(Recorded data)

============================================================

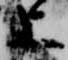
上
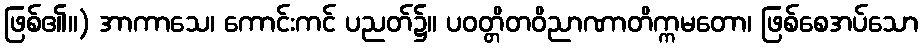
ဖြစ်၏။) အာကာသေ၊ ကောင်းကင် ပညတ်၌။ ပဝတ္တိတဝိညာဏာတိက္ကမတော၊ ဖြစ်စေအပ်သော
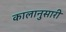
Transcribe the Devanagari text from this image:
कालानुसारी
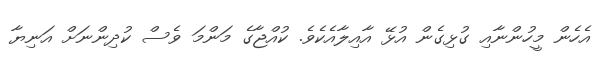
އެހެން މީހުންނާއި ގުޅިގެން އުޅޭ އާއިލާއެކެވެ. ކުއްޖާގެ މަންމަ ވެސް ކުދިންނަށް އަނިޔާ
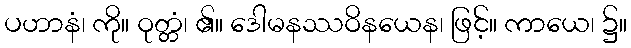
ပဟာနံ၊ ကို။ ဝုတ္တံ၊ ၏။ ဒေါမနဿဝိနယေန၊ ဖြင့်။ ကာယေ၊ ၌။
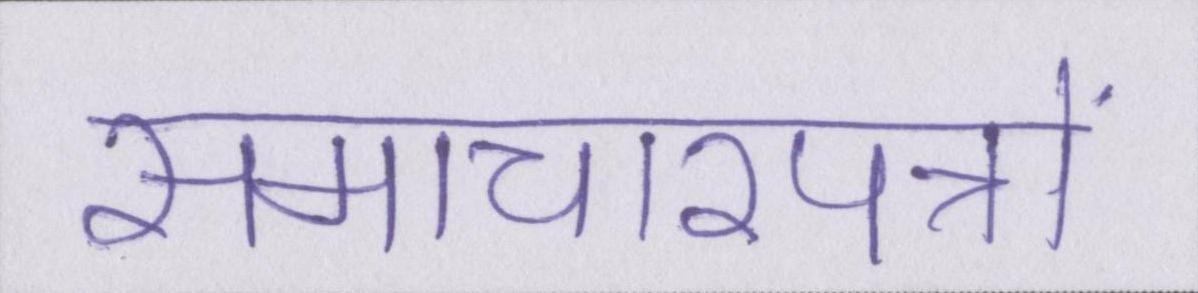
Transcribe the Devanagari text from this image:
समाचारपत्रों
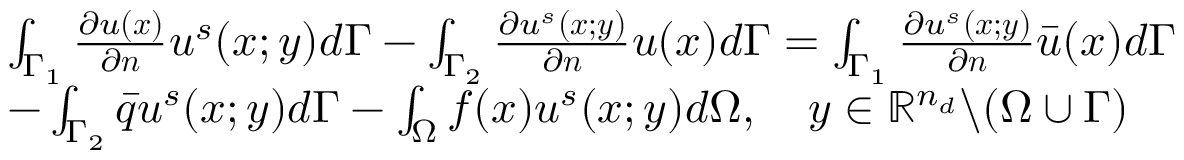
\begin{array} { r l } & { \int _ { \Gamma _ { 1 } } \frac { \partial u ( \boldsymbol { x } ) } { \partial \boldsymbol { n } } u ^ { s } ( \boldsymbol { x ; y } ) d \Gamma - \int _ { \Gamma _ { 2 } } \frac { \partial u ^ { s } ( \boldsymbol { x ; y } ) } { \partial \boldsymbol { n } } u ( \boldsymbol { x } ) d \Gamma = \int _ { \Gamma _ { 1 } } \frac { \partial u ^ { s } ( \boldsymbol { x ; y } ) } { \partial \boldsymbol { n } } \bar { u } ( \boldsymbol { x } ) d \Gamma } \\ & { - \int _ { \Gamma _ { 2 } } \bar { q } u ^ { s } ( \boldsymbol { x ; y } ) d \Gamma - \int _ { \Omega } f ( \boldsymbol { x } ) u ^ { s } ( \boldsymbol { x ; y } ) d \Omega , \quad \boldsymbol { y } \in \mathbb { R } ^ { n _ { d } } \backslash ( \Omega \cup \Gamma ) } \end{array}
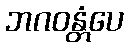
ဘဂဝန္တံပေ
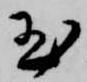
玉
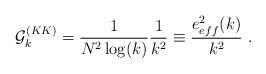
LaTeX: \begin{align*}{\cal G}_k^{(KK)} = \frac{1}{N^2 \log(k)} \frac{1}{k^2} \equiv \frac{e_{eff}^2(k)}{k^2}~.\end{align*}
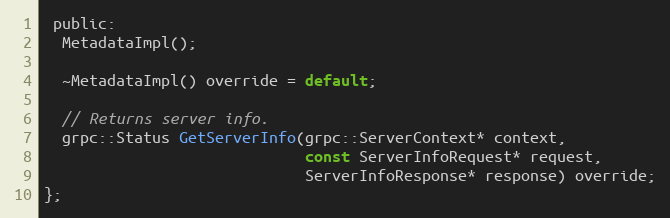
Language: C
 public:
  MetadataImpl();

  ~MetadataImpl() override = default;

  // Returns server info.
  grpc::Status GetServerInfo(grpc::ServerContext* context,
                             const ServerInfoRequest* request,
                             ServerInfoResponse* response) override;
};
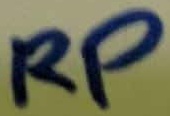
Text: RP
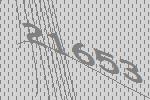
21653
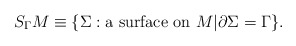
\begin{align*}S_{\Gamma}M \equiv \{ \Sigma : \mbox{a surface on $M$} |\partial \Sigma =\Gamma \}.\end{align*}
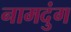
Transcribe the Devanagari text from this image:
नामदुंग
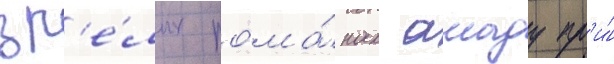
зр'е́лых рома́нах амаду пр'и́
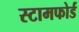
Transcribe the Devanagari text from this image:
स्टामफोर्ड
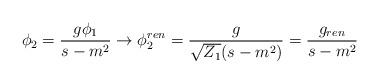
LaTeX: \begin{align*}\phi_2=\frac{g\phi_1}{s-m^2}\to \phi^{ren}_2=\frac{g}{\sqrt{Z_1}(s-m^2)}= \frac{g_{ren}}{s-m^2}\end{align*}
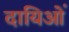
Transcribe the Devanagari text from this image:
दायिओं
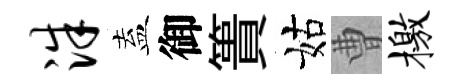
洙盍御簣姑曹檄
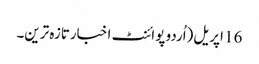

============================================================

> _WORK ITEM_: If a line in the records contains the string "MetadataImpl", include it in the count; report that count alone.

> _EXERCISE SOLUTION_: 2